Records:
******************************
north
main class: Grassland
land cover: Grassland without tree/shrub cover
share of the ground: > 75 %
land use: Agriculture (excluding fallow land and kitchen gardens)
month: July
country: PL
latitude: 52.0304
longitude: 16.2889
******************************
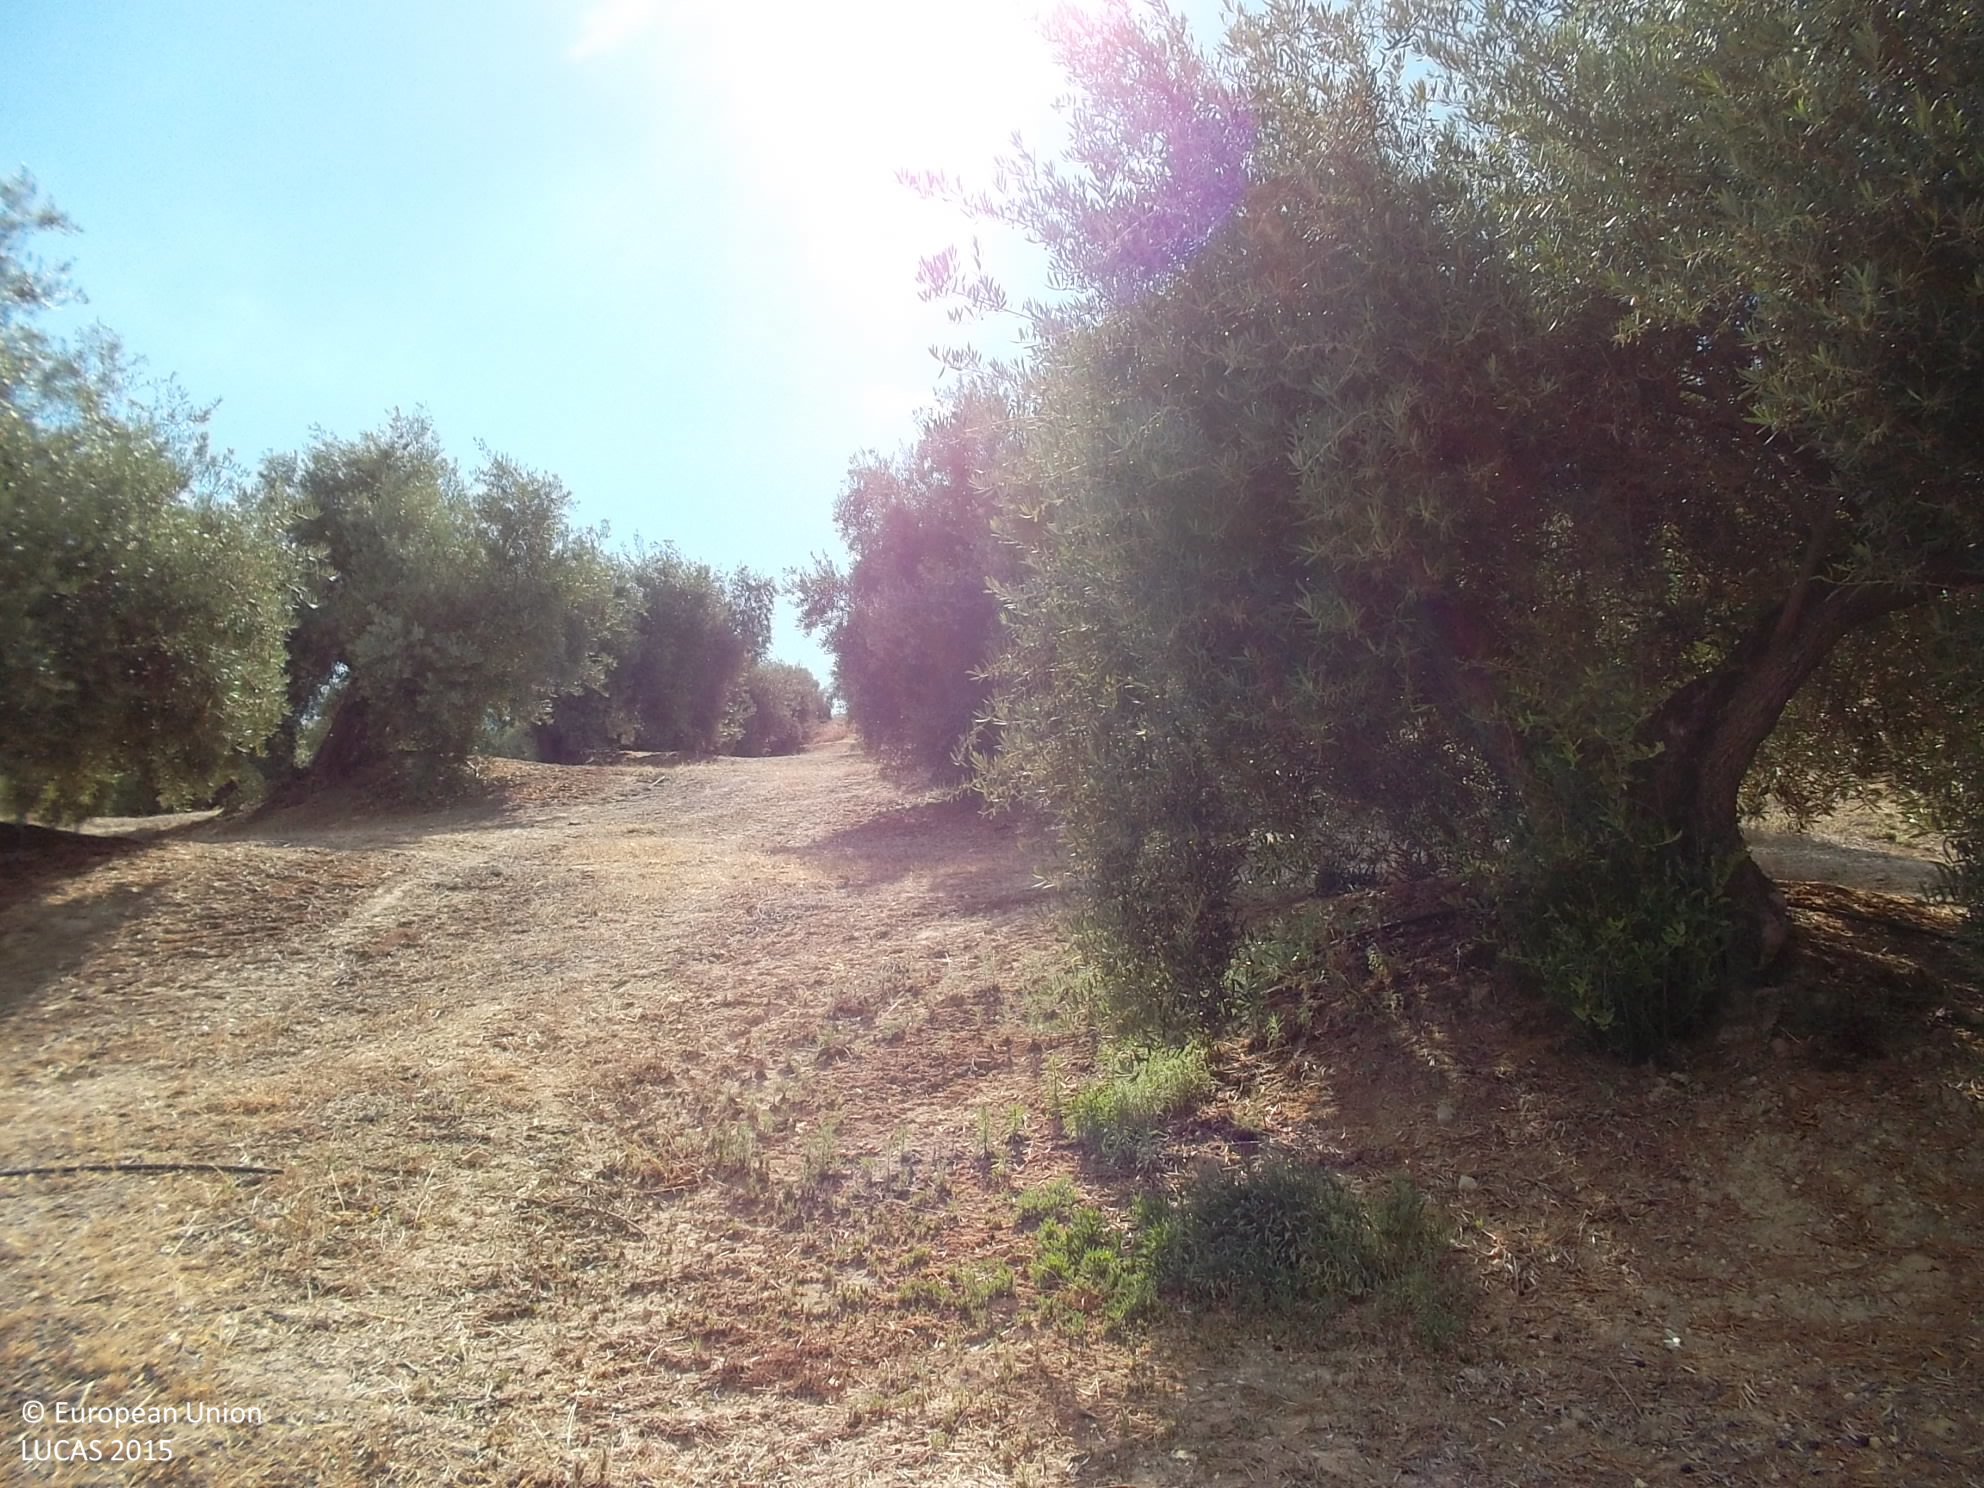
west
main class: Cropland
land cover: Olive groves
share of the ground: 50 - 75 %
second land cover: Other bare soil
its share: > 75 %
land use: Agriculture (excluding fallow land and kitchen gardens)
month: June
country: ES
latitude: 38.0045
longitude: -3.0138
******************************
Instructions for the task: Taking the line with "main class: Grassland" as the first and the line with "longitude: 16.2889" as the last, retype that stretch of the data above exactly, with no other lines.

Solution to this exercise:
main class: Grassland
land cover: Grassland without tree/shrub cover
share of the ground: > 75 %
land use: Agriculture (excluding fallow land and kitchen gardens)
month: July
country: PL
latitude: 52.0304
longitude: 16.2889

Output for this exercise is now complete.